GORDON SANITAIRE by Gordon Urquhart (XXII)

Like A Dream

Sleep has always held a somewhat elusive fascination for me. I recall a mate of mine talking about sleep once, saying how much he looked forward to going to bed, and how much he enjoyed the moment when you ease yourself between the sheets. He went on about this at some length. He said it was a positive pleasure to know that sleep was about to creep over you as soon as you closed your eyes, and that it made him feel good to know that the reviving effects would be felt hours later, when he awoke, fresh, and ready to go, with happy memories of the pleasant dreams he had had. We must have been about seven or eight years old when we had this conversation, and if I already thought that Tommy Treloar was a little strange before he told me his sleep ideas then I definitely thought he was decidedly weird, eccentric even, afterwards. I could recall what he had described happening every night to him happening to me just once. Once. It sounded made up.

As an older boy and then a young man I attempted to turn insomnia to my advantage by thinking of it as granting me extra time to do things. It was time to read and study and prepare for my adult life as a lawyer and business figure. And it was extra time to read and study when I’d spent most of the rest of my time out drinking and chasing women from St. Matilda’s College.

I became productive after midnight, and this served me well when presentations needed work and I spent such a lot of time in the air between engagements.

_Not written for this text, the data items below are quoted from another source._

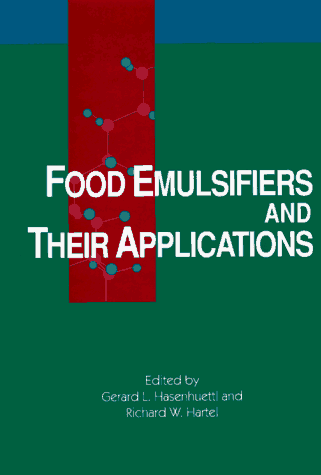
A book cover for Food Emulsifiers and Their Applications; Richard W. Hartel; Health, Fitness & Dieting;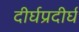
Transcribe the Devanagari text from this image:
दीर्घप्रदीर्घ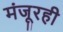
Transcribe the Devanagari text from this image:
मंजूरही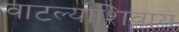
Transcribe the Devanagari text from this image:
वाटल्याशिवाय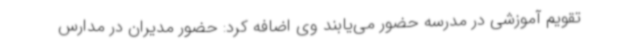
تقویم آموزشی در مدرسه حضور می‌یابند وی اضافه کرد: حضور مدیران در مدارس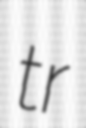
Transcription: tr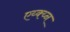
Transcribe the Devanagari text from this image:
एय्क्य्न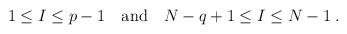
LaTeX: \begin{align*}1\leq I \leq p-1 \quad \mbox{and} \quad N-q+1\leq I \leq N-1\;.\end{align*}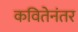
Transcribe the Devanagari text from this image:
कवितेनंतर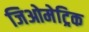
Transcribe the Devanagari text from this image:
जिओमेट्रिक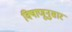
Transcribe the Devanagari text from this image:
विषाणूनुसार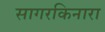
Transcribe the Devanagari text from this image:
सागरकिनारा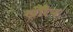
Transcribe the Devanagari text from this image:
खौरैन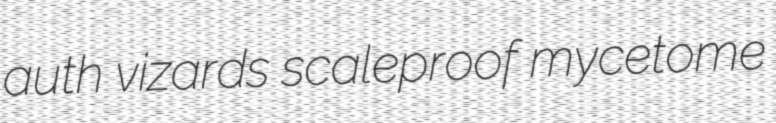
auth vizards scaleproof mycetome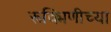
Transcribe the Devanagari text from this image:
रूक्मिणीच्या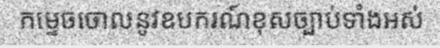
កម្ទេចចោលនូវឧបករណ៍ខុសច្បាប់ទាំងអស់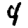
Digit: 4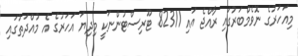
މިއަހަރުގެ ނޮވެމްބަރުގައި ރާއްޖެ އައި 82311 ޓޫރިސްޓުންނަކީ މިދިޔަ އަހަރުގެ އެ މުއްދަތުގައި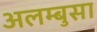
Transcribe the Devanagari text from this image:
अलम्बुसा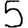
Digit: 5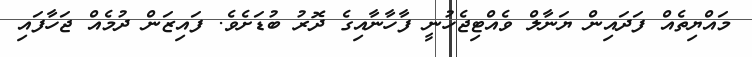
މައްޔިތެއް ފަދައިން ޔަނާލް ވެއްޓިޖެހުނީ ފާހާނާއިގެ ދޮރު ބުޑަށެވެ. ފައިޒަން ދުމެއް ޖަހާފައި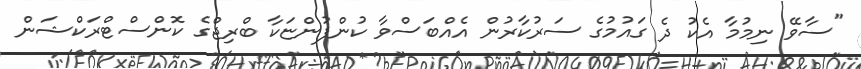
"ސާވޭ ނިމުމާ އެކު ދެ ގައުމުގެ ސަރުކާރުން އެއްބަސްވާ ކުންފުންޏަކާ ބްރިޖްގެ ކޮންސްޓްރަކްޝަން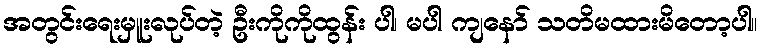
အတွင်းရေးမှူးလုပ်တဲ့ ဦးကိုကိုထွန်း ပါ၊ မပါ ကျနော် သတိမထားမိတော့ပါ။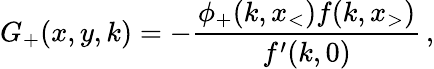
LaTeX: G_{+}(x,y,k)=-\frac{\phi_{+}(k,x_{<})f(k,x_{>})}{f^{\prime}(k,0)}\, ,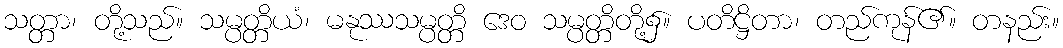
သတ္တာ၊ တို့သည်။ သမ္ပတ္တိယံ၊ မနုဿသမ္ပတ္တိ ဒေဝ သမ္ပတ္တိတို့၌။ ပတိဋ္ဌိတာ၊ တည်ကုန်၏။ တနည်း။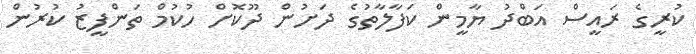
ކުރީގެ ރައީސް އަބްދު ޔާމީން ކަފާލާތުގެ ދަށުން ދޫކޮށް ހުކުމް ތަންފީޒު ކުރުން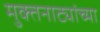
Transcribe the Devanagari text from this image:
मुक्तनाट्यांच्या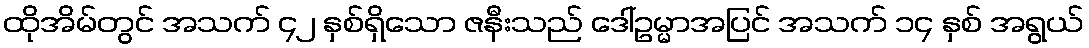
ထိုအိမ်တွင် အသက် ၄၂ နှစ်ရှိသော ဇနီးသည် ဒေါ်ဥမ္မာအပြင် အသက် ၁၄ နှစ် အရွယ်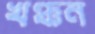
খঞ্চন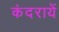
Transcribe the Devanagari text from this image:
कंदरायें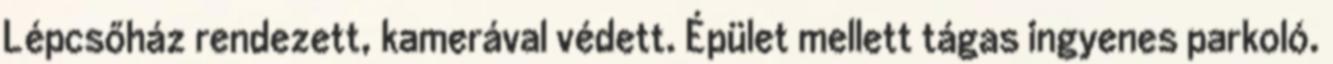
Lépcsőház rendezett, kamerával védett. Épület mellett tágas ingyenes parkoló.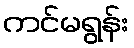
ကင်မရွန်း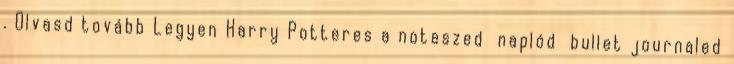
. Olvasd tovább Legyen Harry Potteres a noteszed naplód bullet journaled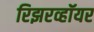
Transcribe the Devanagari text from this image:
रिझरव्हॉयर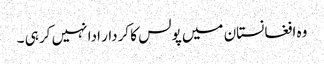
وہ افغانستان میں پولس کا کردار ادا نہیں کر ہی ۔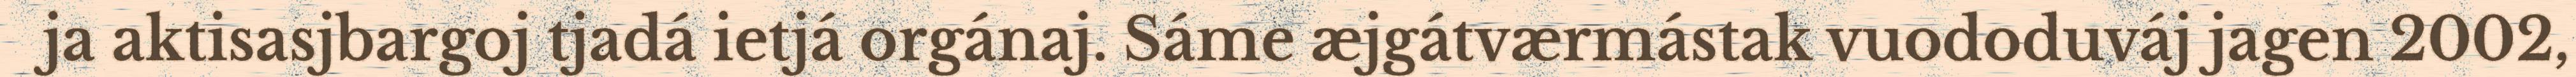
ja aktisasjbargoj tjadá ietjá orgánaj. Sáme æjgátværmástak vuododuváj jagen 2002,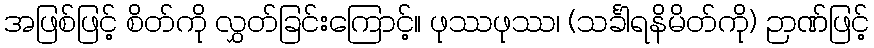
အဖြစ်ဖြင့် စိတ်ကို လွှတ်ခြင်းကြောင့်။ ဖုဿဖုဿ၊ (သင်္ခါရနိမိတ်ကို) ဉာဏ်ဖြင့်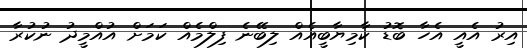
އިރު އެއީ އެހާ ބޮޑު ކާމިޔާބީއެއް ލިބޭނެ ފިލްމެއް ކަމަށް އުއްމީދު ނުކުރާ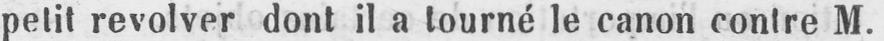
petit revolver dont il a tourné le canon contre M.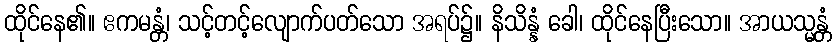
ထိုင်နေ၏။ ဧကမန္တံ၊ သင့်တင့်လျောက်ပတ်သော အရပ်၌။ နိသိန္နံ ခေါ၊ ထိုင်နေပြီးသော။ အာယသ္မန္တံ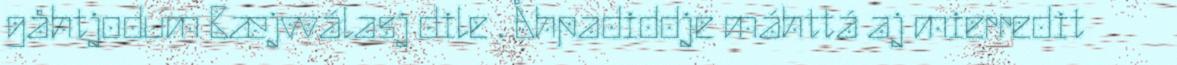
gåhtjodum Bæjvválasj dile . Åhpadiddje máhttá aj mierredit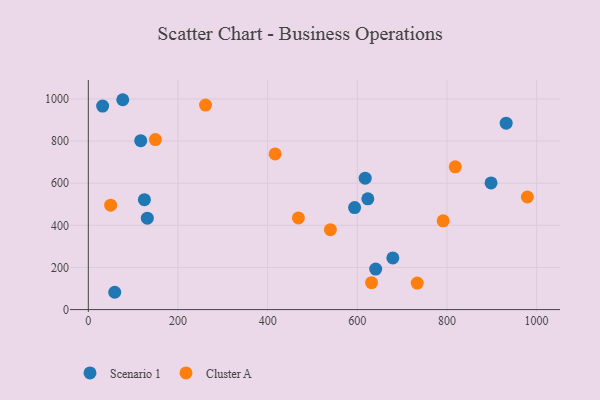
{"axis": {"x": "Price", "y": "Profit"}, "legend": ["Cluster A", "Scenario 1"], "data": [{"x": "932.1", "y": 885.0, "type": "Scenario 1"}, {"x": "679.3", "y": 245.1, "type": "Scenario 1"}, {"x": "31.9", "y": 966.0, "type": "Scenario 1"}, {"x": "594.0", "y": 484.2, "type": "Scenario 1"}, {"x": "76.8", "y": 996.2, "type": "Scenario 1"}, {"x": "641.0", "y": 192.1, "type": "Scenario 1"}, {"x": "623.5", "y": 525.7, "type": "Scenario 1"}, {"x": "617.6", "y": 623.7, "type": "Scenario 1"}, {"x": "125.1", "y": 521.8, "type": "Scenario 1"}, {"x": "131.6", "y": 433.9, "type": "Scenario 1"}, {"x": "898.4", "y": 601.4, "type": "Scenario 1"}, {"x": "116.9", "y": 801.6, "type": "Scenario 1"}, {"x": "58.9", "y": 82.2, "type": "Scenario 1"}, {"x": "540.0", "y": 379.5, "type": "Cluster A"}, {"x": "733.7", "y": 125.7, "type": "Cluster A"}, {"x": "49.8", "y": 495.8, "type": "Cluster A"}, {"x": "979.4", "y": 534.4, "type": "Cluster A"}, {"x": "149.6", "y": 807.2, "type": "Cluster A"}, {"x": "631.8", "y": 128.0, "type": "Cluster A"}, {"x": "791.5", "y": 421.5, "type": "Cluster A"}, {"x": "261.5", "y": 971.0, "type": "Cluster A"}, {"x": "818.5", "y": 677.7, "type": "Cluster A"}, {"x": "416.7", "y": 738.8, "type": "Cluster A"}, {"x": "468.6", "y": 435.0, "type": "Cluster A"}]}

It was an advantage to not sleep much. When I knew an opponent had a normal sleeping life I saw it as a weakness, and ruthlessly pressed home my advantage by demanding early morning meetings in various locations around the country[1]. Gaining a seat on the board of Imperial Minerals can be completely attributed to tiring out my opponents, and what fun it all was at the time.

Now, however, it’s not so much fun. Now I’m older. Now I need my sleep, and that should work out just fine, since I rarely travel for work and don’t have to work every day any more. But sleep still won’t come. At 3am most nights I have to slide out from under the plump down feather-filled duvet and leave the thousand thread count Egyptian cotton sheets behind, all cosy, warm and inviting, taking care not to wake Nancy, lying there invitingly in her inviting pink Peter Alexander silk pyjamas. I slide on my Urquhart tartan slippers, monogrammed GU, a present from her, and shuffle quietly away to my study.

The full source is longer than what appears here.